Dataset entries:
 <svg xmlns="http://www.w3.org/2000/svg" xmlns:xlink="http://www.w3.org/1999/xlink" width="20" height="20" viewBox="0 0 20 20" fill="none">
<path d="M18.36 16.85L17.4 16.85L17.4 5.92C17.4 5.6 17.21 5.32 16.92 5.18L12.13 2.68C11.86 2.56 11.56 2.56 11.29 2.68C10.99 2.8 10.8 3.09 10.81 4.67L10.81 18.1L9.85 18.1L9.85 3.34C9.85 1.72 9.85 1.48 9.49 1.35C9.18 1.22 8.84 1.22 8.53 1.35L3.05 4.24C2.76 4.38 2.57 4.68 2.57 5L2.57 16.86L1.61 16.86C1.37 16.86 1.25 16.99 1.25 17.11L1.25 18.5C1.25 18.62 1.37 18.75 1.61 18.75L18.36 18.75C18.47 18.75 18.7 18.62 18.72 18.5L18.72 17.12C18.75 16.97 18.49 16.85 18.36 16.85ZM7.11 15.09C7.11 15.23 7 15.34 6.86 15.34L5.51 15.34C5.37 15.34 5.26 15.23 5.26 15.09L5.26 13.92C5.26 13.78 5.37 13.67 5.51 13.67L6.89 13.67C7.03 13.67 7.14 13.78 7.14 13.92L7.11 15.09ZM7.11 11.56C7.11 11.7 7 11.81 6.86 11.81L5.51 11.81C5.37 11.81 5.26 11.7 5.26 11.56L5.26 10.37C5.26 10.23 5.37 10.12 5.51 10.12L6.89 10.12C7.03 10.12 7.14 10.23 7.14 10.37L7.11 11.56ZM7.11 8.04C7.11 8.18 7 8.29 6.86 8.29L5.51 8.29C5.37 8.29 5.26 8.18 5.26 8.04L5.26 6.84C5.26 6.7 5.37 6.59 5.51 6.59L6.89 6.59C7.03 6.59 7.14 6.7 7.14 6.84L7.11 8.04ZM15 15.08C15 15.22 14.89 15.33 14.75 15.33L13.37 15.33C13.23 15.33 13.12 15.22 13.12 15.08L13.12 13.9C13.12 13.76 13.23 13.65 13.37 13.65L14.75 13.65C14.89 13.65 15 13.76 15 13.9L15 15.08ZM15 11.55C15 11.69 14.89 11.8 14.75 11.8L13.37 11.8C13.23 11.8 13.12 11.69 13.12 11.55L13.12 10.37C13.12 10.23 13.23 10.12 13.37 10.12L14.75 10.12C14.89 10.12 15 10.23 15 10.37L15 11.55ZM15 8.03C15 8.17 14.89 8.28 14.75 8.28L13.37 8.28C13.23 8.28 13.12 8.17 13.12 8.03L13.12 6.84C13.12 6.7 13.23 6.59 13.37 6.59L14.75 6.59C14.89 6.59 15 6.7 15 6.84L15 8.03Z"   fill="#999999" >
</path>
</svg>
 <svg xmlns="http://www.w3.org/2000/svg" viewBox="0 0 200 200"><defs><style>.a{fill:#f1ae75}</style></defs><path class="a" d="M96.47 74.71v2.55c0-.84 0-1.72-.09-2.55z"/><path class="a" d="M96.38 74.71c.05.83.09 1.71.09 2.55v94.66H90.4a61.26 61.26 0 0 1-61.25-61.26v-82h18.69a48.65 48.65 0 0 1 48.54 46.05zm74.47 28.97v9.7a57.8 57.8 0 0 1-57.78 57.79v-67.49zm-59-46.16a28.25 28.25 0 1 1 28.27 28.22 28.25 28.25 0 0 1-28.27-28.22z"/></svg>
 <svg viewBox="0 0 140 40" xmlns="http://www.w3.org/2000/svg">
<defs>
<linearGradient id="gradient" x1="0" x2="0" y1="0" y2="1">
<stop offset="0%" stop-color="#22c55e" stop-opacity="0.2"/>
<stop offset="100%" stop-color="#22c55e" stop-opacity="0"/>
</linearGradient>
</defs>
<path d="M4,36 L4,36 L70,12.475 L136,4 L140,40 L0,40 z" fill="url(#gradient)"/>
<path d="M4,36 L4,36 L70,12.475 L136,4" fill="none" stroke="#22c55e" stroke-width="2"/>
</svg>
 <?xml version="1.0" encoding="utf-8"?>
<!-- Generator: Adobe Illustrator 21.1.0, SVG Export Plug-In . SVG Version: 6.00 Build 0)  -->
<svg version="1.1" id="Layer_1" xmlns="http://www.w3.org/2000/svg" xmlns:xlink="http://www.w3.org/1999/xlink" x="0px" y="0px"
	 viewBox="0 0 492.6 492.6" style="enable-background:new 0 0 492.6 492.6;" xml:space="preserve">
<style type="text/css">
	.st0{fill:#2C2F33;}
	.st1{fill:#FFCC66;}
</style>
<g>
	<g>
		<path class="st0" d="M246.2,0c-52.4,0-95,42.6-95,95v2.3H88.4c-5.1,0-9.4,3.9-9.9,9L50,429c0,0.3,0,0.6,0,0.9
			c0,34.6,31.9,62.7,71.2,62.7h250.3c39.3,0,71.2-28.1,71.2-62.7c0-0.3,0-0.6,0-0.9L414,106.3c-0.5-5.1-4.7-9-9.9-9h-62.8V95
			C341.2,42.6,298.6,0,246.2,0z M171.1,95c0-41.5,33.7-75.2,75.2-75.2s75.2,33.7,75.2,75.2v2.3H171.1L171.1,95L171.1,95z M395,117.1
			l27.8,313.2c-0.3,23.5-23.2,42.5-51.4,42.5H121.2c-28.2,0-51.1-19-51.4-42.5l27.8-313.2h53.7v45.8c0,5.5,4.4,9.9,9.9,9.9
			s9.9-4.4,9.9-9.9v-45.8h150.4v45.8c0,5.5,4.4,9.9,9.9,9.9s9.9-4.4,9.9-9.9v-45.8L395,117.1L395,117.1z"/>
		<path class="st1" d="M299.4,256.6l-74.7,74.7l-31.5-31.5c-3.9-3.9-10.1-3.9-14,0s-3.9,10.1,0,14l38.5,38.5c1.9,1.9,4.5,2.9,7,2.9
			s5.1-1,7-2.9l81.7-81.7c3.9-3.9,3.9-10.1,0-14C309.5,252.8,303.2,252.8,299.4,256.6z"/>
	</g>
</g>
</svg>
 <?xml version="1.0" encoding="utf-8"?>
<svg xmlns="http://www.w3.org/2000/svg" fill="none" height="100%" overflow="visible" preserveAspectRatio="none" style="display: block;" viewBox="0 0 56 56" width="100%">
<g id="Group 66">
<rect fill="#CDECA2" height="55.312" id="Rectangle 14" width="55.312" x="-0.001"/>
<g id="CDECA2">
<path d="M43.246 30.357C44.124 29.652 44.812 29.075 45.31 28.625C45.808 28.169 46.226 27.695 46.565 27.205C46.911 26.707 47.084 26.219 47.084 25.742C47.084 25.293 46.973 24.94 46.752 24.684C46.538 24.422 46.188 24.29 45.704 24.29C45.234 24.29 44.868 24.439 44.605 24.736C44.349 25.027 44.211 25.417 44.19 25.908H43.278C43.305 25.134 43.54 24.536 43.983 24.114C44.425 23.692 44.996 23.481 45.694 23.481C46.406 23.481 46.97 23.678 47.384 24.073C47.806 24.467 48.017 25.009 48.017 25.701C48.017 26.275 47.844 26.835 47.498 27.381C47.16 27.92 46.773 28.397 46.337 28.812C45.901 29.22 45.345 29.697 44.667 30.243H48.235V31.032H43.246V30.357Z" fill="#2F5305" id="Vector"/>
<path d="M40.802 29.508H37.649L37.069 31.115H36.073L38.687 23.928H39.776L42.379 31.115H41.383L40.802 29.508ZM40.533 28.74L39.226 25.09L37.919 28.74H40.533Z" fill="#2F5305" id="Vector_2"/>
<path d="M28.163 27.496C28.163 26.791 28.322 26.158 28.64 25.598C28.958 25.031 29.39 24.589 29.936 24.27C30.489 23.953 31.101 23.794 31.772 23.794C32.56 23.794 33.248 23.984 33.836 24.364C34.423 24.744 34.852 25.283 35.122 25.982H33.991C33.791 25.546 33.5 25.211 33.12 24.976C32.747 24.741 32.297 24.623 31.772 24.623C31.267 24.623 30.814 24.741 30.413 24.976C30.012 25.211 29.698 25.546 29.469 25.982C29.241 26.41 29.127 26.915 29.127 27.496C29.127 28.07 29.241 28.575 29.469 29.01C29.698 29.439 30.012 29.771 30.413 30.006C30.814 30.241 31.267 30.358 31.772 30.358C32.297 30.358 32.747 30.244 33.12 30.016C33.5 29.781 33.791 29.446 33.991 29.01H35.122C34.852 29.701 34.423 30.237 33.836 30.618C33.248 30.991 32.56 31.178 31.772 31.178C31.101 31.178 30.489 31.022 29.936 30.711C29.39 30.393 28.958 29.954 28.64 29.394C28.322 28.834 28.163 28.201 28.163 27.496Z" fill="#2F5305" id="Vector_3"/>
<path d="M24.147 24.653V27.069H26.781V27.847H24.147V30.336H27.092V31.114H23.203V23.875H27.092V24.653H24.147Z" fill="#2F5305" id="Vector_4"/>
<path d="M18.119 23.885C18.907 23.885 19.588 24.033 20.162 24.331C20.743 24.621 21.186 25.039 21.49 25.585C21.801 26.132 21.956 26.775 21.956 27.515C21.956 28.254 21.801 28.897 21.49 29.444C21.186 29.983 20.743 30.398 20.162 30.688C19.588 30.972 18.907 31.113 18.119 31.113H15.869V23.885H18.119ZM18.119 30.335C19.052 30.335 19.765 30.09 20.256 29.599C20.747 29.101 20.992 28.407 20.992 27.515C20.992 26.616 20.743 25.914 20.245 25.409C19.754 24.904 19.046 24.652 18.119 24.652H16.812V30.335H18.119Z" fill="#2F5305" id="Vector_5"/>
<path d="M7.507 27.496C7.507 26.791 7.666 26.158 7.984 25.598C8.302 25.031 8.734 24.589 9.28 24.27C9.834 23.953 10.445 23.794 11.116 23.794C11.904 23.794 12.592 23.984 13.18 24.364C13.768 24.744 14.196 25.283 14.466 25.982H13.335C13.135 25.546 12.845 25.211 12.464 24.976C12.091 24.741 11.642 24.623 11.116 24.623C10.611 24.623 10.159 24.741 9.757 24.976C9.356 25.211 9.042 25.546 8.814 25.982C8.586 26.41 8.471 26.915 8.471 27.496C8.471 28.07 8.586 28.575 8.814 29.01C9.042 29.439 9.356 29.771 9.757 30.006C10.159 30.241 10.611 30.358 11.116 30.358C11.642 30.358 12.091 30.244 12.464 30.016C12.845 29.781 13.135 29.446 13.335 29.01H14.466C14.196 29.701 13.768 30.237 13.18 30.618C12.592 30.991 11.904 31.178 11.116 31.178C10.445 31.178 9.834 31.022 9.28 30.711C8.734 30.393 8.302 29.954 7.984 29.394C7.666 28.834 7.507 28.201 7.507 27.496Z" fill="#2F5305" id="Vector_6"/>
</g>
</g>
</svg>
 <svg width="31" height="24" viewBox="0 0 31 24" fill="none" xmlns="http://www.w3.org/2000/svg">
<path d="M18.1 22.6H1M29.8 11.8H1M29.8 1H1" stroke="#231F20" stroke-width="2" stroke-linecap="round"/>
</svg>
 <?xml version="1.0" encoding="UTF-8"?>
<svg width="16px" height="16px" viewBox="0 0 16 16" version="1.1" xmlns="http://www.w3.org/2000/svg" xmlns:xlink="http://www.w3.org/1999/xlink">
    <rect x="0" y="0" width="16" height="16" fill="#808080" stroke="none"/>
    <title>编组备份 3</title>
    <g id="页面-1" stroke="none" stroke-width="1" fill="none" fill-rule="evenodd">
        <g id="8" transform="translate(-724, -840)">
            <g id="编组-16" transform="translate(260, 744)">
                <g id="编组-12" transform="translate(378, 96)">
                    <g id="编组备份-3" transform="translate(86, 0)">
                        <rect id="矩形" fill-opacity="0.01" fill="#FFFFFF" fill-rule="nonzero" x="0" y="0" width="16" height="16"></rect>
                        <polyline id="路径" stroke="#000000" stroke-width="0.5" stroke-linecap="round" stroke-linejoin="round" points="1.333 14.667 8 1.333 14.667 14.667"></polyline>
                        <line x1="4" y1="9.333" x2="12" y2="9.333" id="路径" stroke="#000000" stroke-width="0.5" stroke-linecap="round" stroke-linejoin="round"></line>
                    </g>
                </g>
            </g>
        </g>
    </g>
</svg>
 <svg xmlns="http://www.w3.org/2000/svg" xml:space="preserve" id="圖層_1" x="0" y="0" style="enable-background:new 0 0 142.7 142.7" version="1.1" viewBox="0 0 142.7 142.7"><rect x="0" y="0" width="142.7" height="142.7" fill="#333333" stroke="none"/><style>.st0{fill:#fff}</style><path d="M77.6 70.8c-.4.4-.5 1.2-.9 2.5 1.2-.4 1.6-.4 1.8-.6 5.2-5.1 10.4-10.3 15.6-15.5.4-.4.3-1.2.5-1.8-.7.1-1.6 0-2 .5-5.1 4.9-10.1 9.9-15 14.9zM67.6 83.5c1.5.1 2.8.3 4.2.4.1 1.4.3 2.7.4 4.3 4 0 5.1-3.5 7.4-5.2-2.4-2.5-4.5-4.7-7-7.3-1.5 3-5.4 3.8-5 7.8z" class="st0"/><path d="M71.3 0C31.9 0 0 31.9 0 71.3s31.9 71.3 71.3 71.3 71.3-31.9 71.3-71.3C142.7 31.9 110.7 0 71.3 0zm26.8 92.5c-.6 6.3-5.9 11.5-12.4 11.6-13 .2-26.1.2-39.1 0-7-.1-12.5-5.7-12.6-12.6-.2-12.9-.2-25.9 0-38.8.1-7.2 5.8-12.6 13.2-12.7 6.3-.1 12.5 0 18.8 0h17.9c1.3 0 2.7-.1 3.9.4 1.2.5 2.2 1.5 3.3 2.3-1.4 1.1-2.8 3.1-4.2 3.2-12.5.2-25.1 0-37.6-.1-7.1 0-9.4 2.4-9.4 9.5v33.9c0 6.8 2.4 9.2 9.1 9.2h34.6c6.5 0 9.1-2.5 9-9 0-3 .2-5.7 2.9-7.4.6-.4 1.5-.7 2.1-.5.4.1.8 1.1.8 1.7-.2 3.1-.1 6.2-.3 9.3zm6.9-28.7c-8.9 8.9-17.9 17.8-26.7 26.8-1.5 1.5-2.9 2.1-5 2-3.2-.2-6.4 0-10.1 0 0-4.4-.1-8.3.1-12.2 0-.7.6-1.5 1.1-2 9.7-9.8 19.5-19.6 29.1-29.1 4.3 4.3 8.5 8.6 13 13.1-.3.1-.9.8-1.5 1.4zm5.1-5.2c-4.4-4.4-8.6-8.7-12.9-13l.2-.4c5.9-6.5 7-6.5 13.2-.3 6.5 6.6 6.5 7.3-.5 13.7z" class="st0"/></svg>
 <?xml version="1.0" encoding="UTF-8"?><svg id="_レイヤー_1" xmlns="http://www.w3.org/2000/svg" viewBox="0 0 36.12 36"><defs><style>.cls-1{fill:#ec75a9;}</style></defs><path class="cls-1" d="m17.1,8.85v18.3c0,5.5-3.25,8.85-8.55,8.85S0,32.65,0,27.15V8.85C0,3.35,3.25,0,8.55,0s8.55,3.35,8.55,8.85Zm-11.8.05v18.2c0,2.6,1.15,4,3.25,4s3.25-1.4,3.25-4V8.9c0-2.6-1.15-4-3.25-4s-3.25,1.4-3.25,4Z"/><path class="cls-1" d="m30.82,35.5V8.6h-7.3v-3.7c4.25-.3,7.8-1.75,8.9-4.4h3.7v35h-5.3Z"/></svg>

[Task description]:
Display each line of the data where "opacity" occurs.

[Result of the task]:
<stop offset="0%" stop-color="#22c55e" stop-opacity="0.2"/>
<stop offset="100%" stop-color="#22c55e" stop-opacity="0"/>
                        <rect id="矩形" fill-opacity="0.01" fill="#FFFFFF" fill-rule="nonzero" x="0" y="0" width="16" height="16"></rect>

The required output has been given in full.